**Requirement**: Copy the lines below, beginning with the one that contains "Q: Is the text underlined? A: No." and continuing through the final line, exactly as written and with no other lines.
START Supplied records
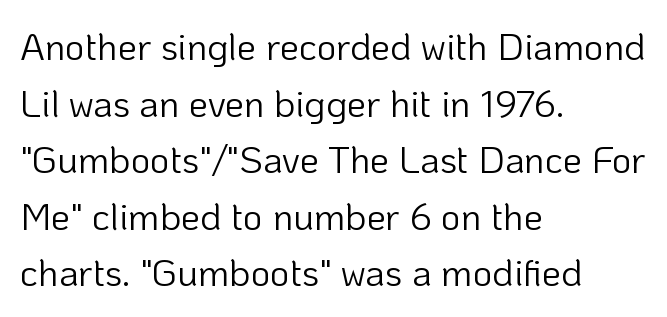
Q: Is the text bold? A: No.
Q: Is the text italic (slanted)? A: No, it is upright.
Q: Is the typeface a serif or a sans-serif typeface? A: Sans-serif.
Q: Is the text underlined? A: No.
Q: How is the paragraph aligned? A: Left-aligned.
Q: Is the spacing between letters normal or unusually wide? A: Normal.
Q: Is the spacing between lines tight, normal or loose? A: Normal.
Q: Width (condensed, normal, or wide)? A: Normal.
Q: Stroke contrast? A: Low.
Q: x-height? A: Medium.
Q: Monospaced? A: No.
END Supplied records
**Answer box**:
Q: Is the text underlined? A: No.
Q: How is the paragraph aligned? A: Left-aligned.
Q: Is the spacing between letters normal or unusually wide? A: Normal.
Q: Is the spacing between lines tight, normal or loose? A: Normal.
Q: Width (condensed, normal, or wide)? A: Normal.
Q: Stroke contrast? A: Low.
Q: x-height? A: Medium.
Q: Monospaced? A: No.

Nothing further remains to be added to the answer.